Halt file

The halt file tracks various conditions that are used to determine whether or not a run should continue to execute. The halt file is kept in the prefix directory. It is updated by the library during the run, and it is also updated externally through the scr_halt command. Internally, the data of the halt file is organized as a hash. Here are the contents of an example halt file.

CheckpointsLeft
  7
ExitAfter
  1298937600
ExitBefore
  1298944800
HaltSeconds
  1200
ExitReason
  SCR_FINALIZE_CALLED

The CheckpointsLeft field provides a counter on the number of checkpoints that should be completed before SCR stops the job. With each checkpoint, the library decrements this counter, and the run stops if it hits 0.

The ExitAfter field records a timestamp (seconds since UNIX epoch). At various times, SCR compares the current time to this timestamp, and it halts the run as soon as the current time exceeds this timestamp.

The ExitBefore field combined with the HaltSeconds field inform SCR that the run should be halted at specified number of seconds before a specified time. Again, SCR compares the current time to the time specified by subtracting the HaltSeconds value from the ExitBefore timestamp (seconds since UNIX epoch). If the current time is equal to or greater than this time, SCR halts the run.
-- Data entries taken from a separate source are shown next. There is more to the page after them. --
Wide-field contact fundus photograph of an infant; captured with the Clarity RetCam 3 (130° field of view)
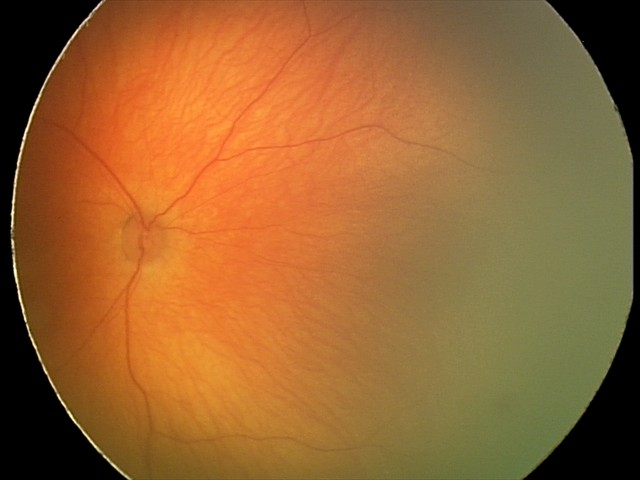
Physiological retinal appearance for postconceptual age.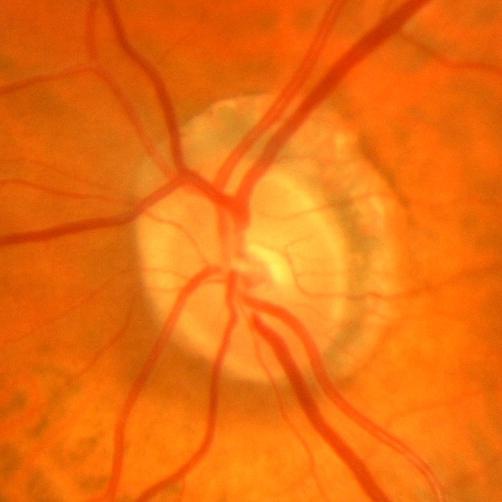 Impression: no evidence of glaucoma.
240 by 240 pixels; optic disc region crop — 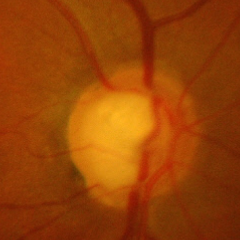 Q: Does this eye have glaucoma?
A: Yes — advanced glaucoma.
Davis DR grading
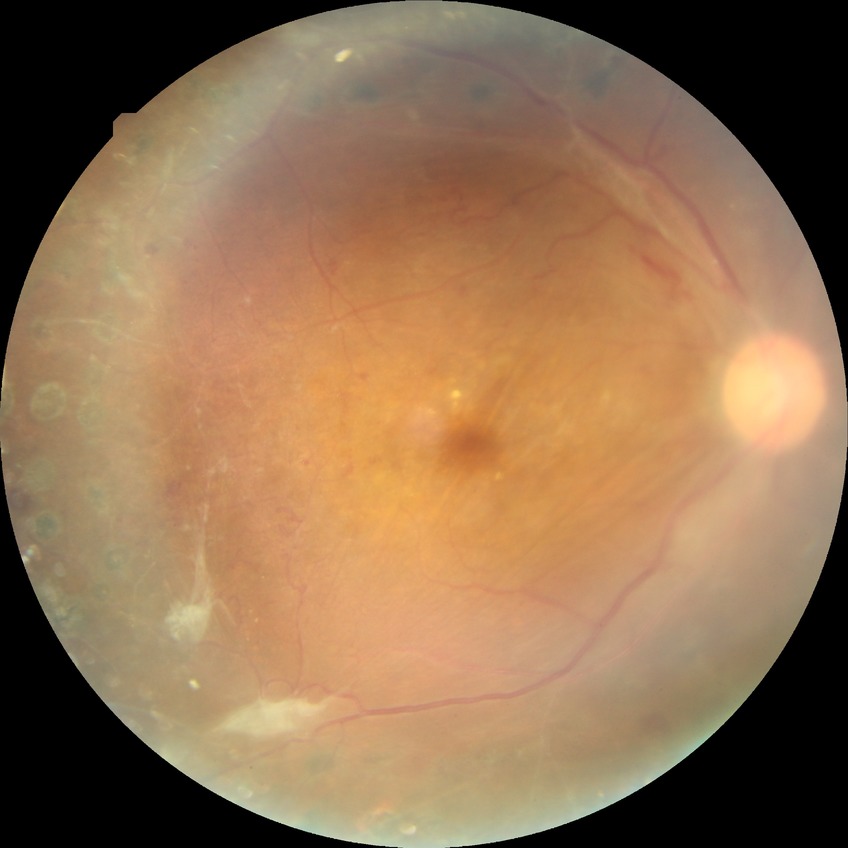

diabetic retinopathy grade=proliferative diabetic retinopathy.
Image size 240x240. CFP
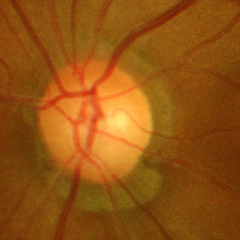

Finally, the ExitReason field records a reason the job is or should be halted. If SCR ever detects that this field is set, it halts the job.

A user can add, modify, and remove halt conditions on a running job using the scr_halt command. Each time an application completes a dataset, SCR checks settings in the halt file. If any halt condition is satisfied, SCR flushes the most recent checkpoint, and then each process calls exit(). Control is not returned to the application.